> [WHAT THE TASK REQUIRES]: In the entries below, find the line containing "Q: Is the typeface". Write out that line and all lines after it, exactly, and nothing else.

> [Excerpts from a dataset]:
+---+
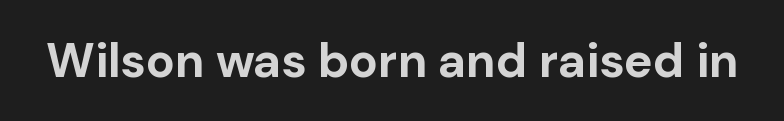
Q: Is the text bold? A: Yes.
Q: Is the text italic (slanted)? A: No, it is upright.
Q: Is the typeface a serif or a sans-serif typeface? A: Sans-serif.
Q: Is the text underlined? A: No.
Q: Is the spacing between letters normal or unusually wide? A: Normal.
Q: Width (condensed, normal, or wide)? A: Normal.
Q: Stroke contrast? A: Low.
Q: x-height? A: Medium.
Q: Monospaced? A: No.
+---+
> [EXPECTED ANSWER]:
Q: Is the typeface a serif or a sans-serif typeface? A: Sans-serif.
Q: Is the text underlined? A: No.
Q: Is the spacing between letters normal or unusually wide? A: Normal.
Q: Width (condensed, normal, or wide)? A: Normal.
Q: Stroke contrast? A: Low.
Q: x-height? A: Medium.
Q: Monospaced? A: No.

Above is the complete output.